Exercise. Repeat the lines of the data exactly and exclude any picture among them.

Data to use.
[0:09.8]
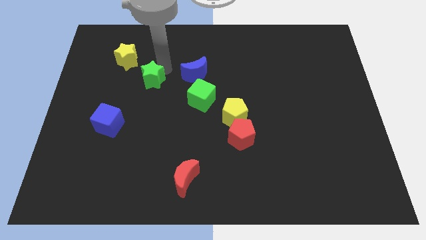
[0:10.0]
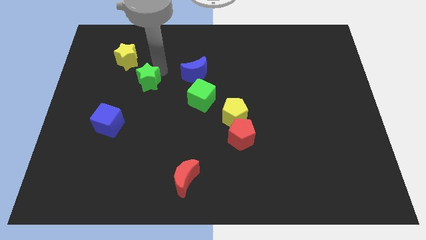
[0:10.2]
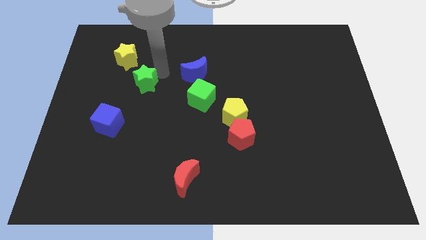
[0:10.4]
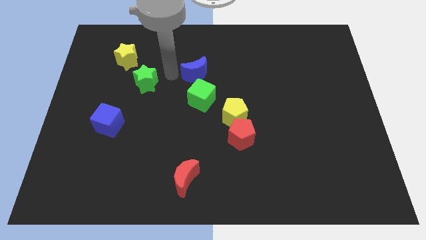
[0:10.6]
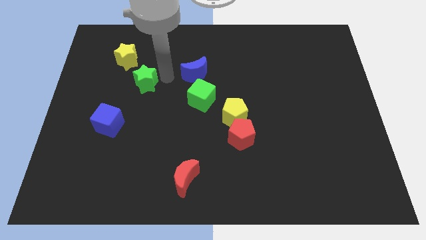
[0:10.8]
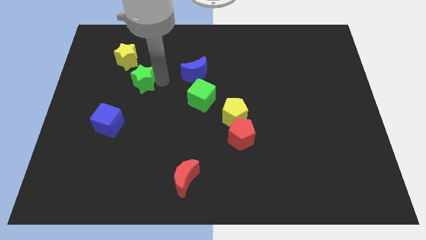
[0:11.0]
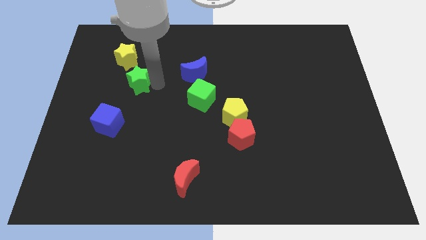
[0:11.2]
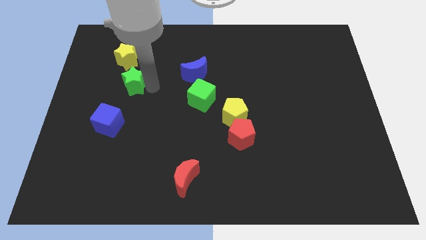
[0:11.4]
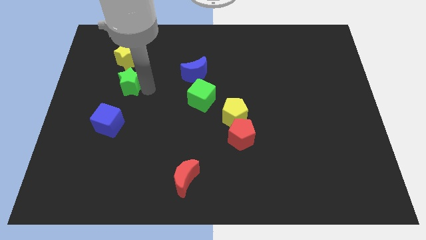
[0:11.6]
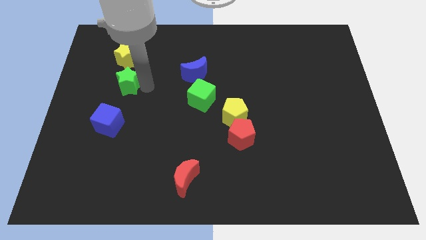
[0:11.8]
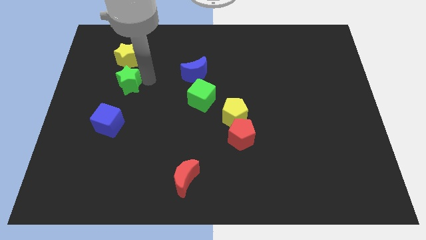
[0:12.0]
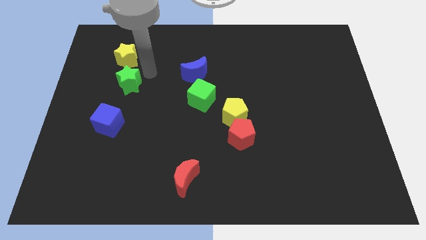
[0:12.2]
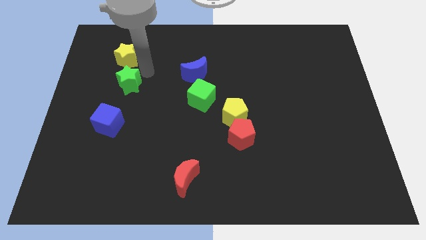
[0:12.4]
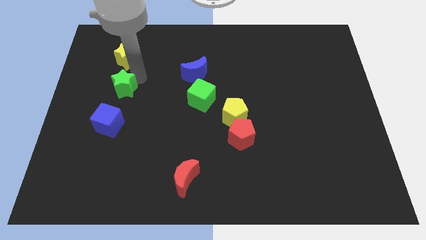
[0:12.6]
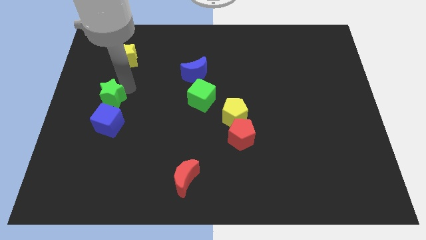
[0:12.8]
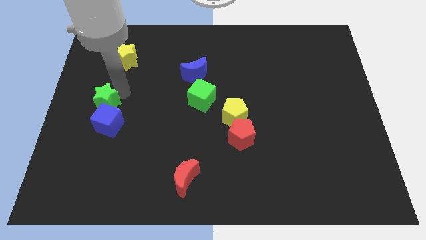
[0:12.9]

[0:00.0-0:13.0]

Solution below.
[0:09.8]
[0:10.0]
[0:10.2]
[0:10.4]
[0:10.6]
[0:10.8]
[0:11.0]
[0:11.2]
[0:11.4]
[0:11.6]
[0:11.8]
[0:12.0]
[0:12.2]
[0:12.4]
[0:12.6]
[0:12.8]
[0:12.9]

[0:00.0-0:13.0]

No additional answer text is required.